Say's Law, often summarized as "supply creates its own demand," provides a natural starting point for analyzing how technological revolutions affect inflation. The idea is that production not only creates goods but also generates income and purchasing power, which can be directed toward consumption or saved and invested, preventing permanent losses in aggregate demand. Extending this logic to technological revolutions, if new supply correspondingly creates new demand, productivity gains would primarily manifest as higher output and welfare without systematically altering inflation. However, historical evidence from the last two technological revolutions shows that while new supply did create new demand, the expansion of supply and demand was not synchronized, leading to noticeable disinflation. In the late 19th century, the second industrial revolution brought rapid productivity growth and supply expansion, which, combined with the constraints of the gold standard, contributed to a roughly 30% cumulative decline in the US price level. Similarly, during the information revolution in the late 20th century, strong demand coexisted with significant supply-side expansion, leading to a marked decline in core inflation. The US CPI, which hovered around 5-6% in 1990, fell to approximately 1.5% in 1997-1998 and dipped below 2% again in 2001-2002. The experiences of both revolutions indicate that new supply can create new demand, but there is no automatic mechanism guaranteeing that aggregate demand expands in sync with supply capacity. When supply capacity grows faster, technological progress results in disinflationary pressure.
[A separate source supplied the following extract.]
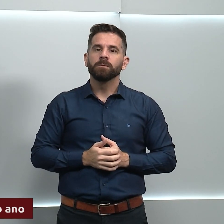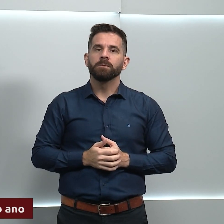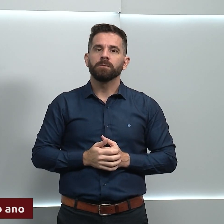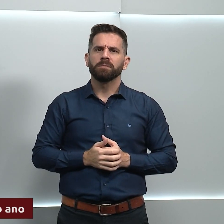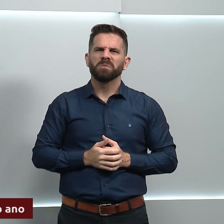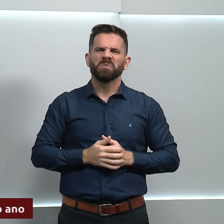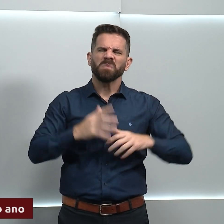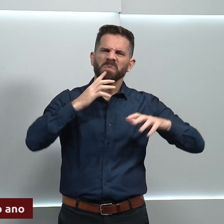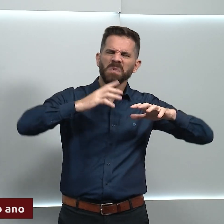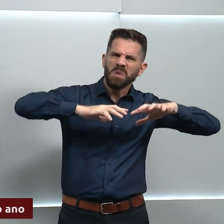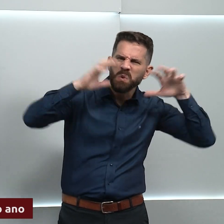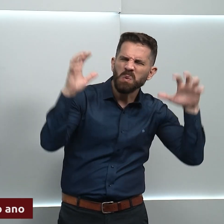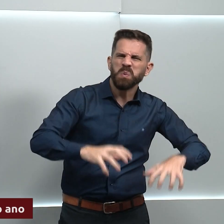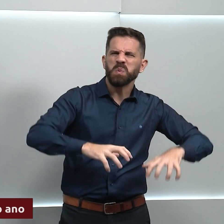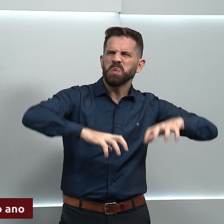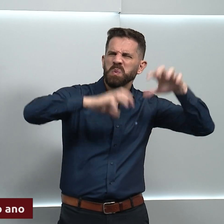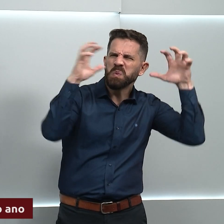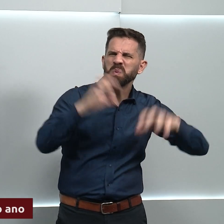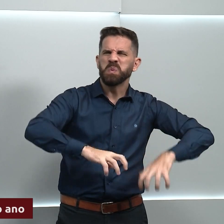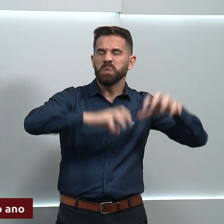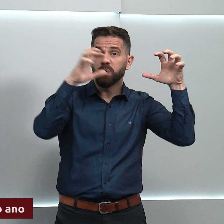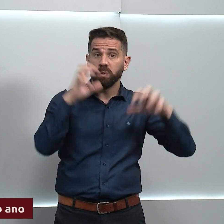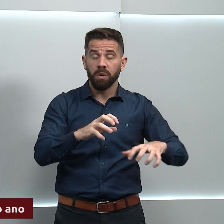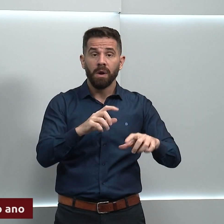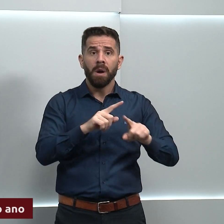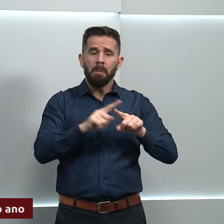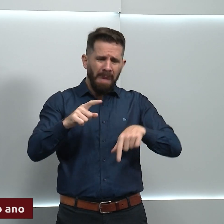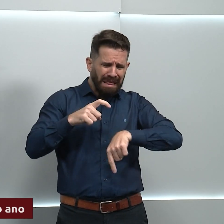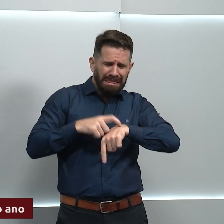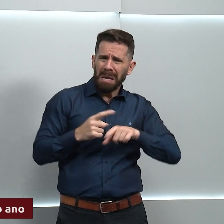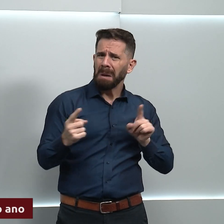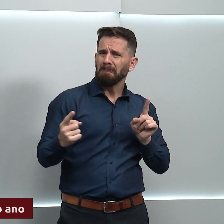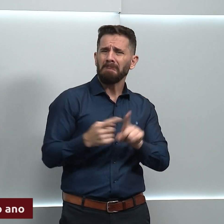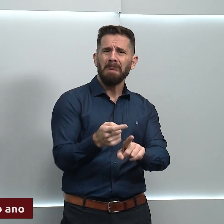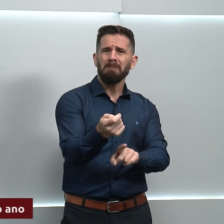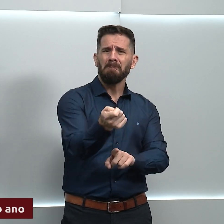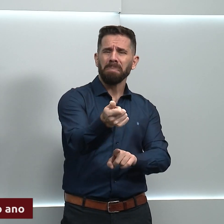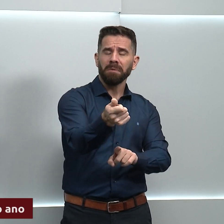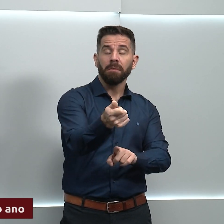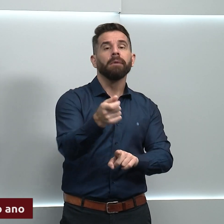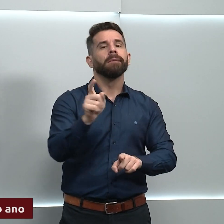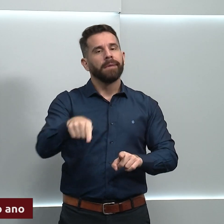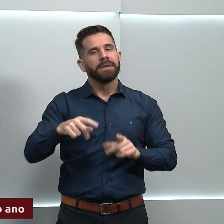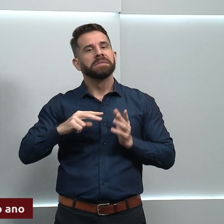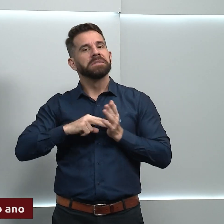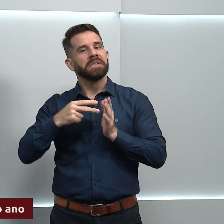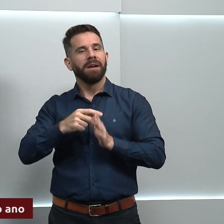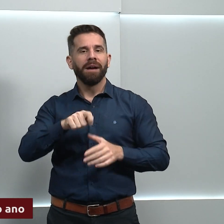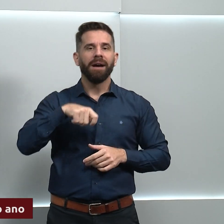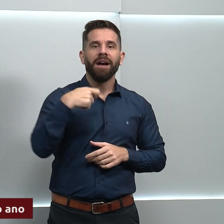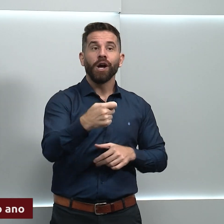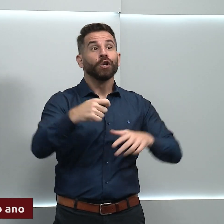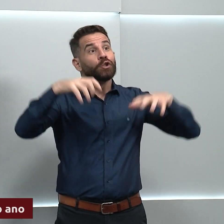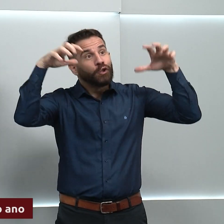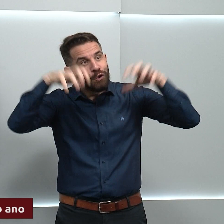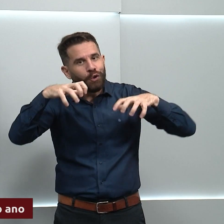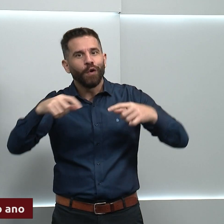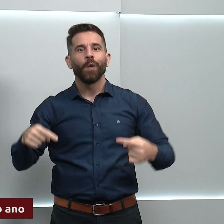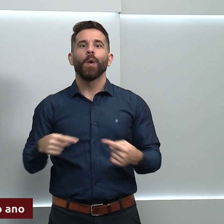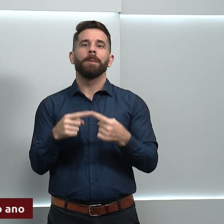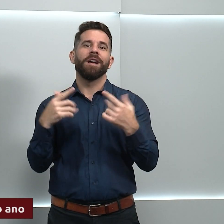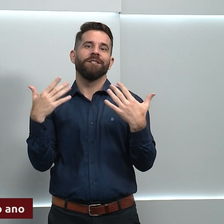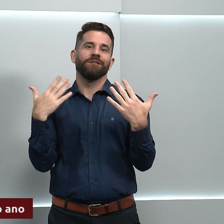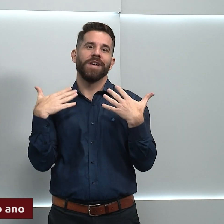Chuvas em grande volume e com curta duração. Elas são as famosas chuvas de verão. Em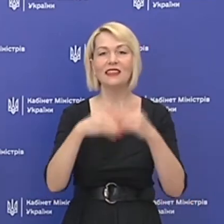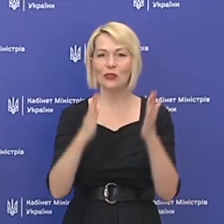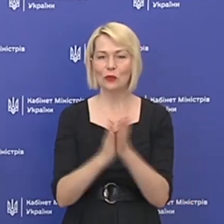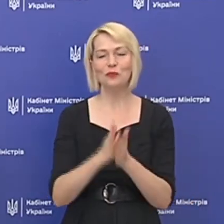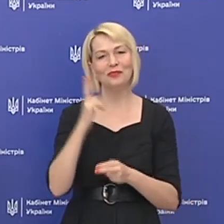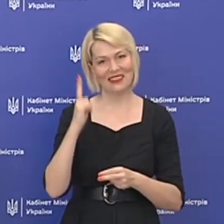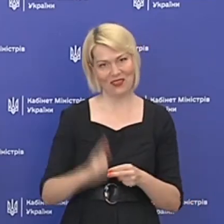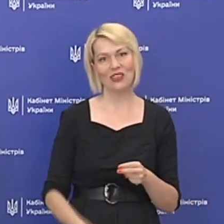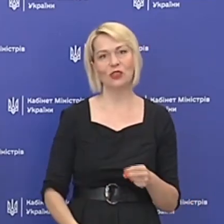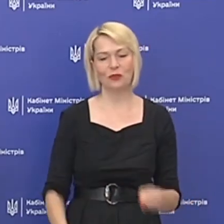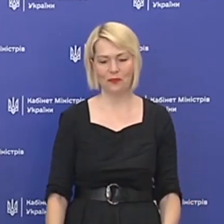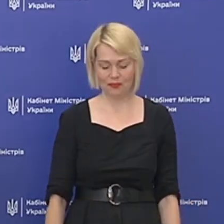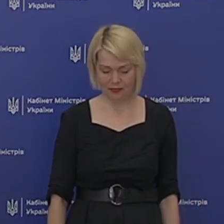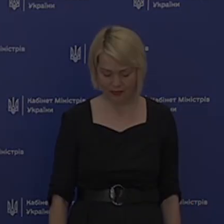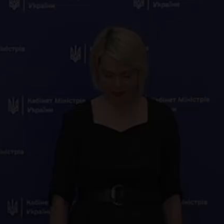брифінг завершений.

The critique of Say's Law has historically centered on two problems: long-term income distribution and short-term effective demand. Marx highlighted that if income gains from productivity improvements accrue disproportionately to capital and high-income groups, consumption capacity may not keep pace with production capacity, leading to crises of overproduction. Keynes focused on the failure of effective demand in the short run, arguing that income is not automatically converted into consumption, and investment is subject to volatile expectations. Both issues are evident in the past technological revolutions. The second industrial revolution shifted labor from agriculture to industry and services, while the information revolution led to employment polarization. The top 1% income share rose from 10.4% in 1980 to 17.3% in 2000, suggesting that productivity gains were not proportionally reflected in broad-based labor income growth.

Four mechanisms linking technology to inflation

Building on this foundation, we can identify four distinct channels through which technological progress influences inflation. The supply effect operates as productivity gains increase potential output. If nominal demand fails to expand in tandem, a negative output gap emerges, exerting downward pressure on prices. With sticky wages, nominal wages lag productivity growth, lowering unit labor costs and furthering disinflation. This effect is strongest when productivity improves rapidly but wage and price adjustments are slow. The expectation effect can be inflationary if households and firms become overly optimistic about future technology gains. If they incorporate these expected gains into current decisions, they may increase consumption and investment today, creating a positive output gap. However, this effect is mitigated if consumers are pessimistic about their personal income prospects. The substitution effect arises when technology enhances capital's ability to replace labor, potentially leading to a declining labor income share. Since capital owners and high-income earners typically have a lower marginal propensity to consume than workers, this can reduce overall consumption and exert disinflationary pressure. The bottleneck effect occurs when rapid capital spending creates a concentrated demand for key inputs with inelastic supply, driving up their prices. In the presence of price stickiness, these localized price increases can translate into broader inflation. The relative strength and timing of these four effects determine the net inflationary or deflationary impact of a technological revolution.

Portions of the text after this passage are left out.